-- Prompt --
In the records below, find the line with "Adalah Penanganan Anak", then retype it and every following line exactly, stopping after the line with "Edson Fachin.". Leave the pictures out.

-- Input material --
=====

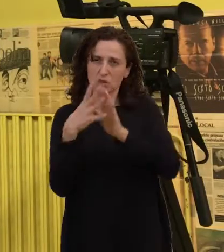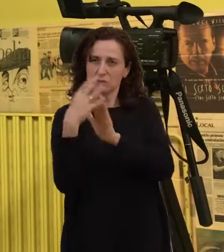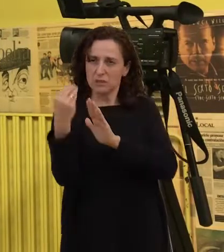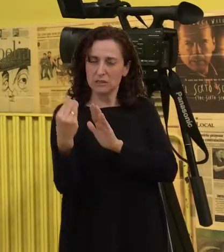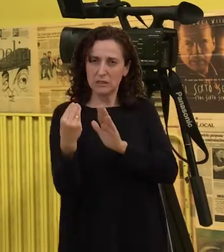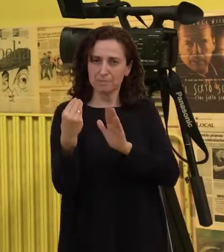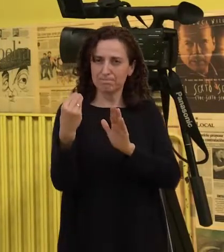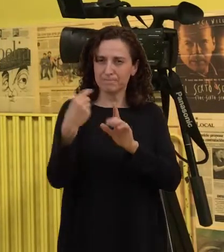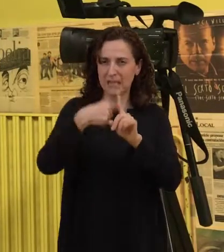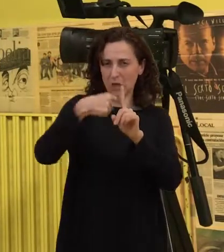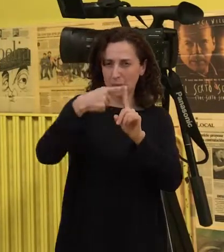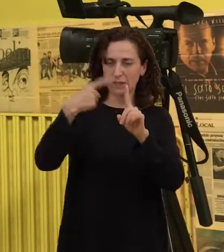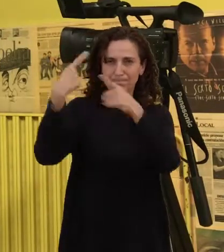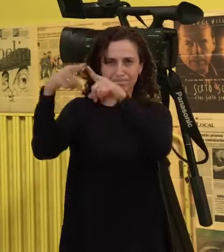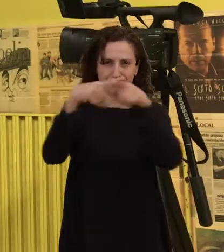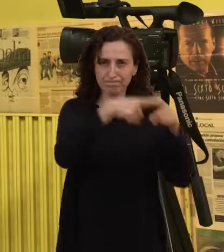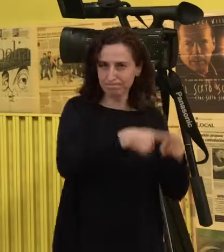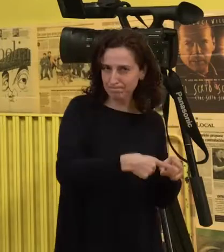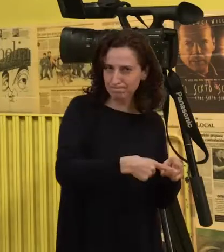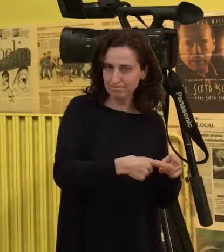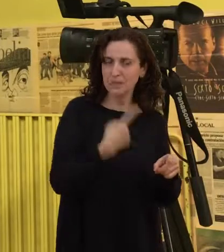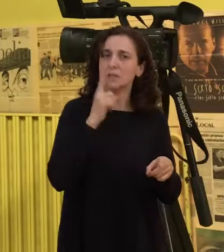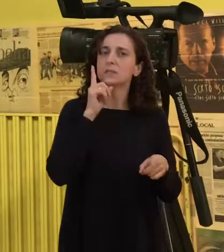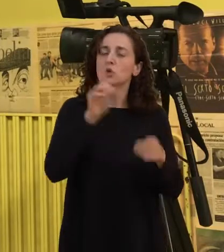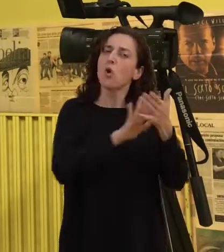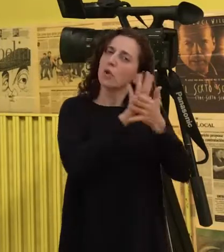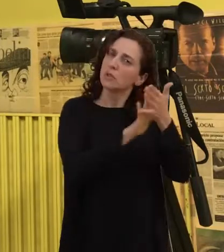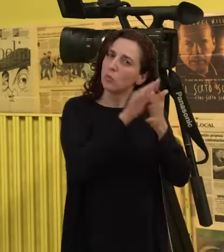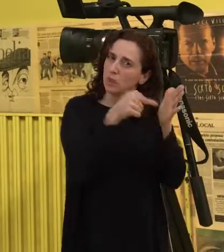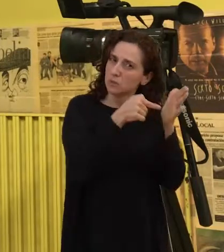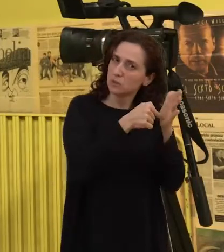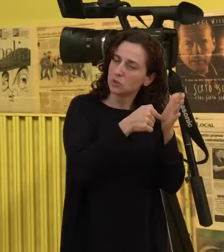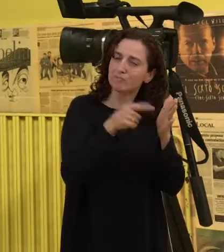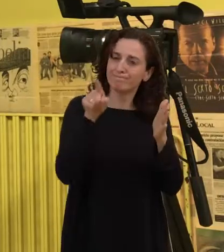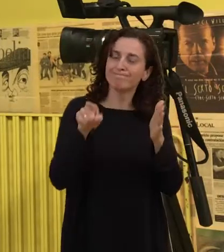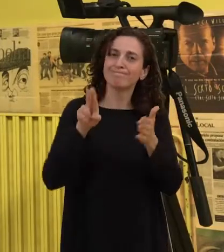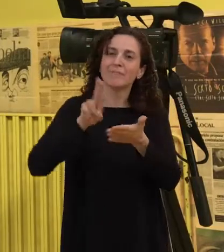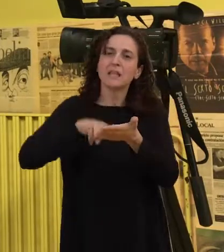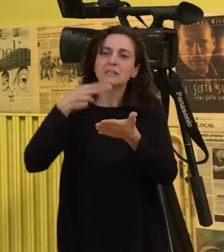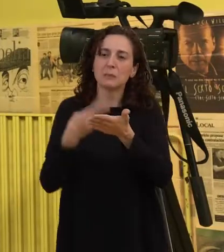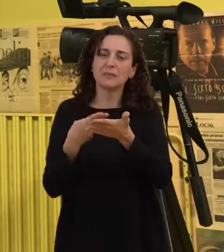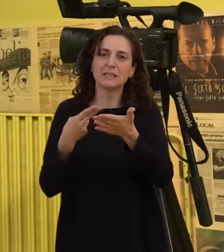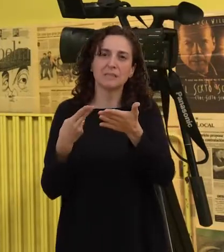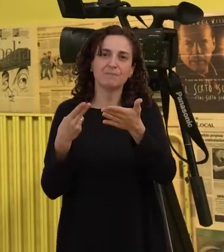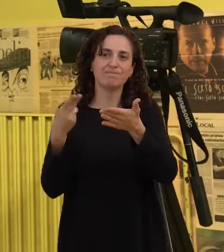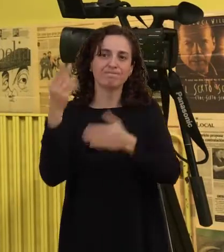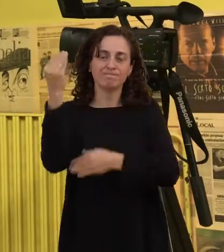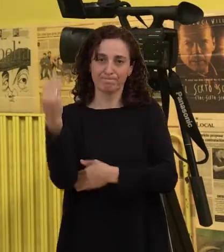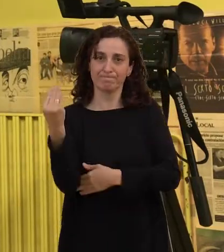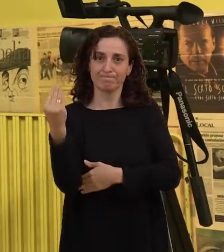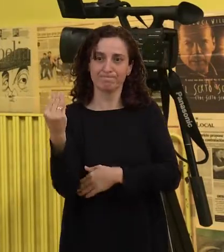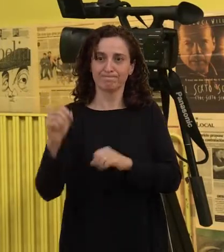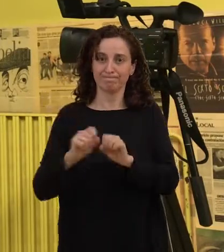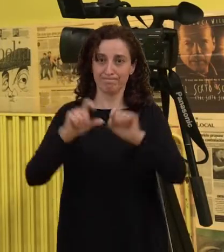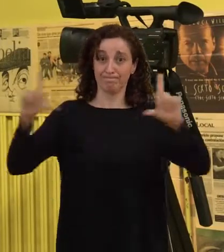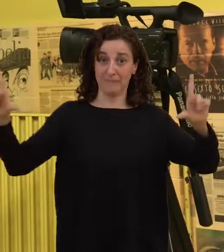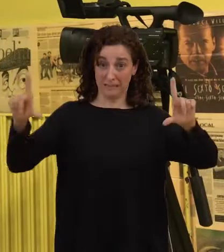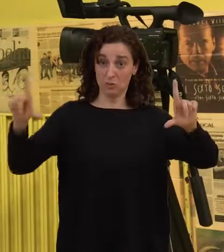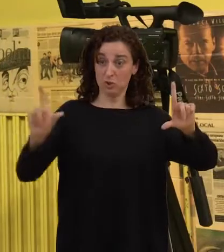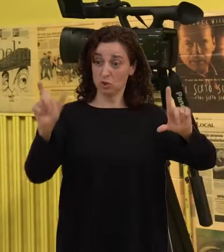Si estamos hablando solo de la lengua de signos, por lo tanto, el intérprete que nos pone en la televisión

=====

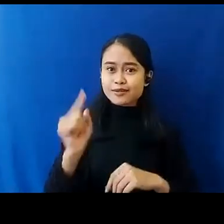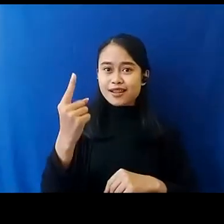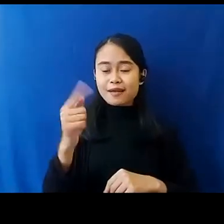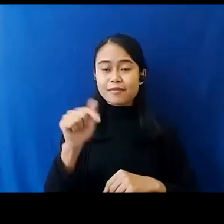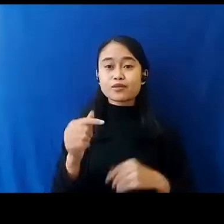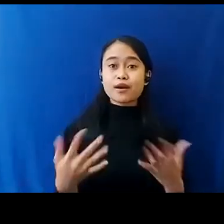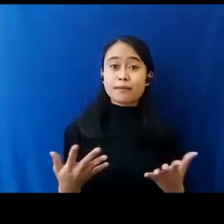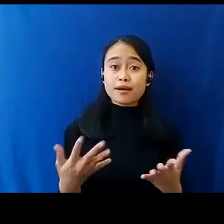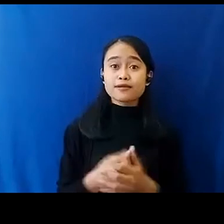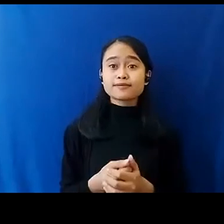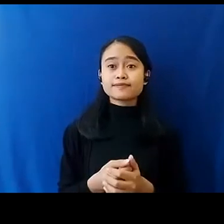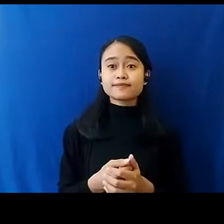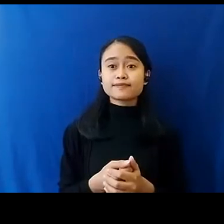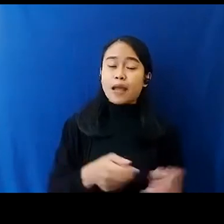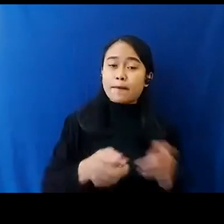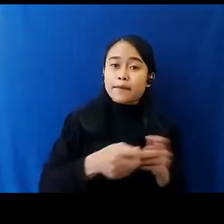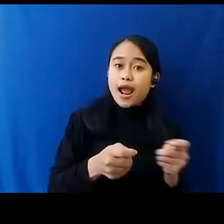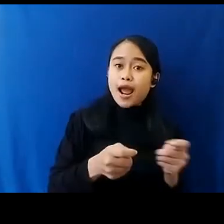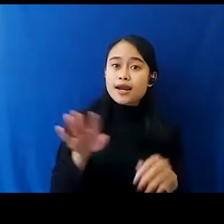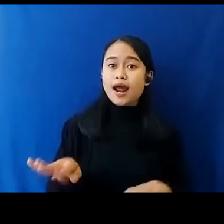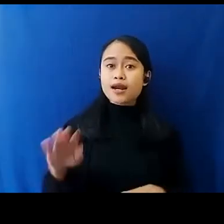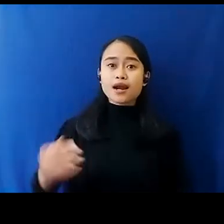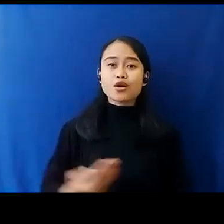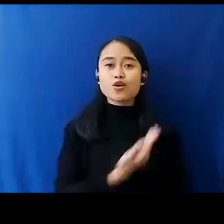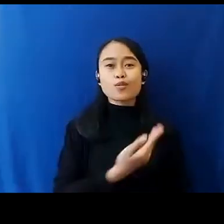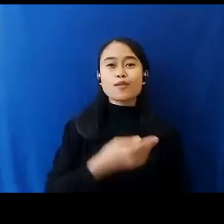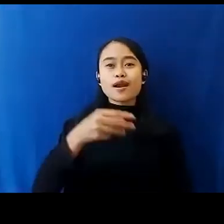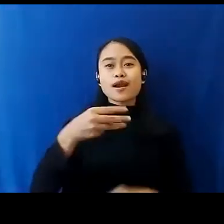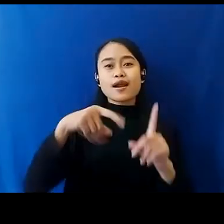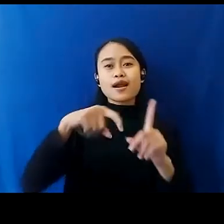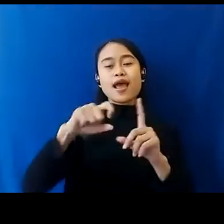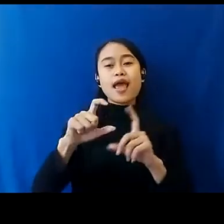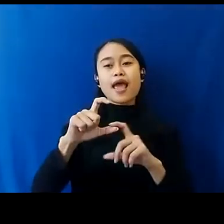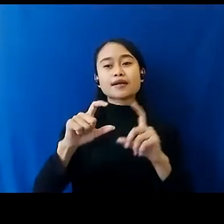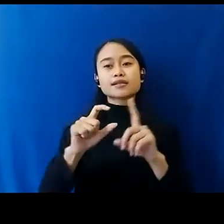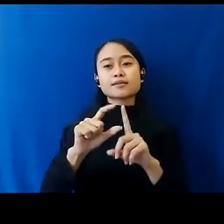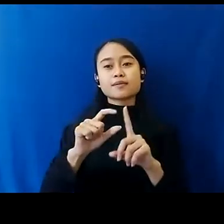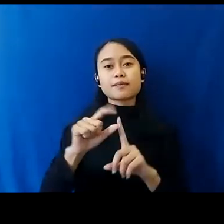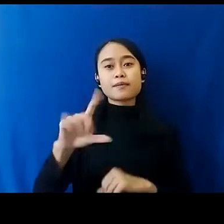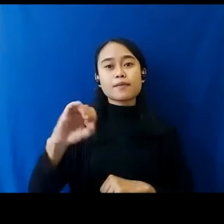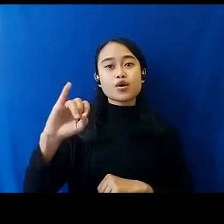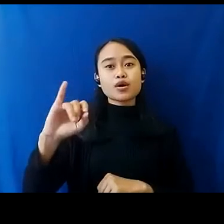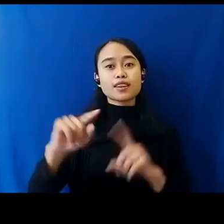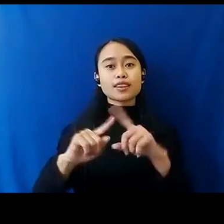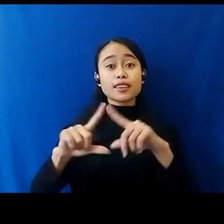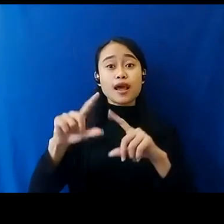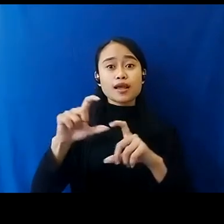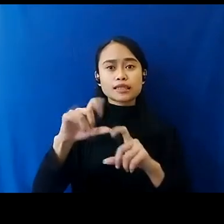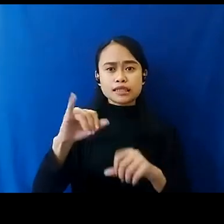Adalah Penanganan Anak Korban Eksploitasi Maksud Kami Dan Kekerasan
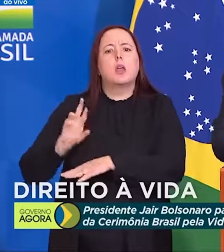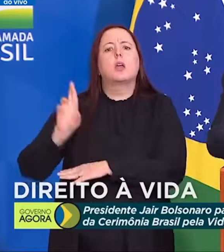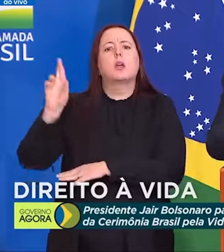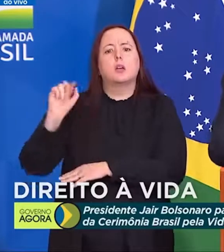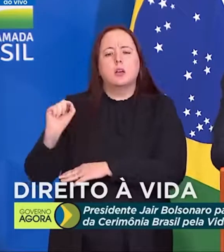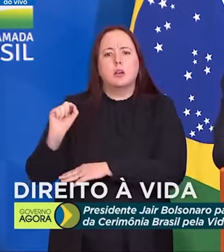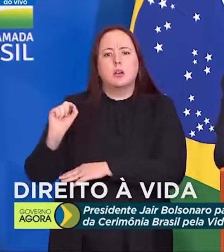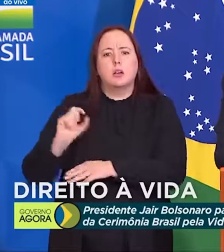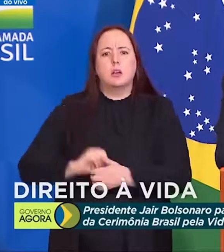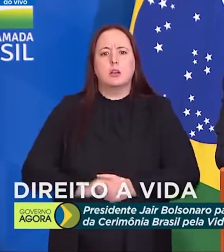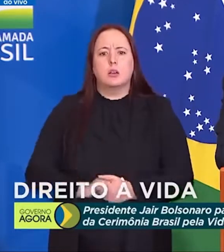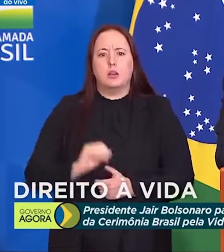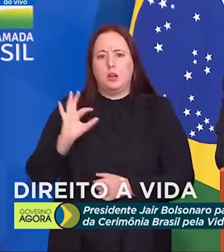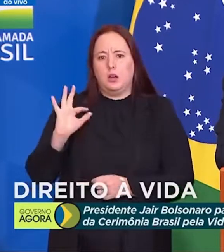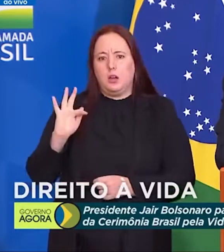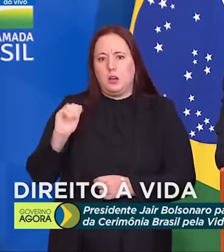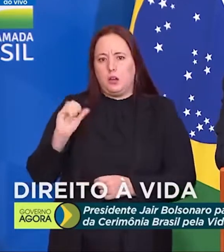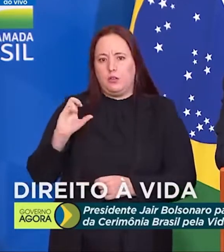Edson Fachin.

=====

-- The completed task --
Adalah Penanganan Anak Korban Eksploitasi Maksud Kami Dan Kekerasan
Edson Fachin.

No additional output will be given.